EXTRACTED INFORMATION:

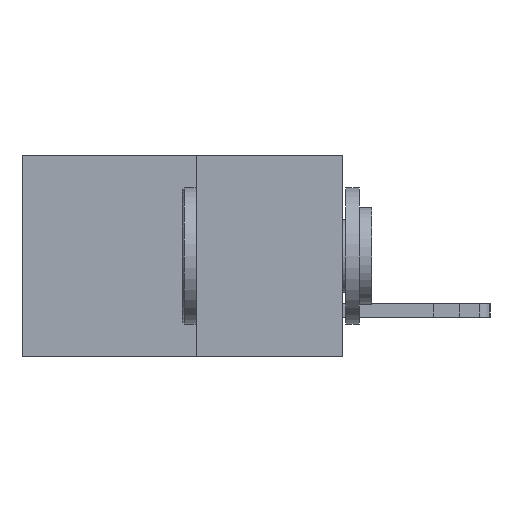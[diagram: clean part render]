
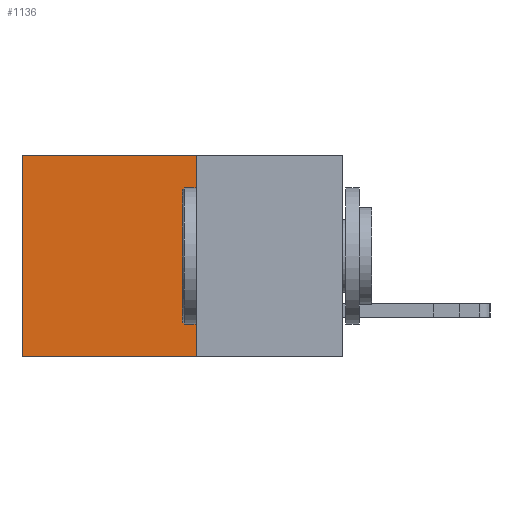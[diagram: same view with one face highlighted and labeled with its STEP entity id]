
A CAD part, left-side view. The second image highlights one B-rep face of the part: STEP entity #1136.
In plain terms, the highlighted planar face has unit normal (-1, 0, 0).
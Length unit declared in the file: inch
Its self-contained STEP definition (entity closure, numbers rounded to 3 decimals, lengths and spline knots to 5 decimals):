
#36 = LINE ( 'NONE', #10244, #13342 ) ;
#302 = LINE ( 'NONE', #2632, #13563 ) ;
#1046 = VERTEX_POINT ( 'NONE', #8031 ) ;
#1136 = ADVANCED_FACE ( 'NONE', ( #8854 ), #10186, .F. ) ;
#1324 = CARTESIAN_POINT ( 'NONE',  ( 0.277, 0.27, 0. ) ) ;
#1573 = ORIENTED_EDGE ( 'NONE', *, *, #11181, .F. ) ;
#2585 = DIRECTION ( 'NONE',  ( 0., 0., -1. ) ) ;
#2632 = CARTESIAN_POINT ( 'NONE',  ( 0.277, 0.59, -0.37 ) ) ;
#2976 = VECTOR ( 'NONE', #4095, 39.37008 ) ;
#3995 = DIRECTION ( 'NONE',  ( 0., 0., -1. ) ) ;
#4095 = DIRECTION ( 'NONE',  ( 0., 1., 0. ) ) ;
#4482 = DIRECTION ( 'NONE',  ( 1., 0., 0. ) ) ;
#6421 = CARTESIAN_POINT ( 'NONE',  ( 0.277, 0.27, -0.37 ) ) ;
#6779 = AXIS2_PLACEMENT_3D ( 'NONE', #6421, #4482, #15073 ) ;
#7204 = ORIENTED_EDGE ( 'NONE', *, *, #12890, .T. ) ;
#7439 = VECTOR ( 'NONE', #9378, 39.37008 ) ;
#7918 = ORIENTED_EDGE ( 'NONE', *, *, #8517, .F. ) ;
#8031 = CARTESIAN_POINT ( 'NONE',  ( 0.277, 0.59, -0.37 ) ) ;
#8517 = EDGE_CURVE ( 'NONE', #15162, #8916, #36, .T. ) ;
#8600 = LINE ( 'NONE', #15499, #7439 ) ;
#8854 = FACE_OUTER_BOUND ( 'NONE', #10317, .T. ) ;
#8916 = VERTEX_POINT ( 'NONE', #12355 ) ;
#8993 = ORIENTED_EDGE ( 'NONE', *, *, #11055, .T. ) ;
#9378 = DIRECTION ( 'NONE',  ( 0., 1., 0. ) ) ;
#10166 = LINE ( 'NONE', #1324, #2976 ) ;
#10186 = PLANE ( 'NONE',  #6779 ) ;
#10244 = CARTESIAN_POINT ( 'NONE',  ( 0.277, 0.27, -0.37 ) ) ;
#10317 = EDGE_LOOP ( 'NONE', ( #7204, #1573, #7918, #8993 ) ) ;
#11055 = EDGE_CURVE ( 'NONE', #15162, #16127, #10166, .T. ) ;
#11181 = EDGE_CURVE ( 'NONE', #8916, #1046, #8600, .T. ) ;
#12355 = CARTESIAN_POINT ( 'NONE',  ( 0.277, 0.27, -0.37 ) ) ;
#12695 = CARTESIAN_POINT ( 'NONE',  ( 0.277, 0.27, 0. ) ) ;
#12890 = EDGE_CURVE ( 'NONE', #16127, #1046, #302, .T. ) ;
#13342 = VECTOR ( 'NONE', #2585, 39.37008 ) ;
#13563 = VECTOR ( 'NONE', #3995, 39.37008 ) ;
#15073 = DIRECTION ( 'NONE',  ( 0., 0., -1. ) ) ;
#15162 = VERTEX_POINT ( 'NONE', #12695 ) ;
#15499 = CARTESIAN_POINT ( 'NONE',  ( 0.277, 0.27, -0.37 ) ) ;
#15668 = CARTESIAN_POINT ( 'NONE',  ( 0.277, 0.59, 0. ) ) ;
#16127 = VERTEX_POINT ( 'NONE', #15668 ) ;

WHAT YOU HAVE TO DO: What is needed is an exact copy of the line containing "#13563 = VECTOR ( 'NONE', #3995, 39.37008 ) ;" and each line after it, through the final line of the entries above.

ANSWER:
#13563 = VECTOR ( 'NONE', #3995, 39.37008 ) ;
#15073 = DIRECTION ( 'NONE',  ( 0., 0., -1. ) ) ;
#15162 = VERTEX_POINT ( 'NONE', #12695 ) ;
#15499 = CARTESIAN_POINT ( 'NONE',  ( 0.277, 0.27, -0.37 ) ) ;
#15668 = CARTESIAN_POINT ( 'NONE',  ( 0.277, 0.59, 0. ) ) ;
#16127 = VERTEX_POINT ( 'NONE', #15668 ) ;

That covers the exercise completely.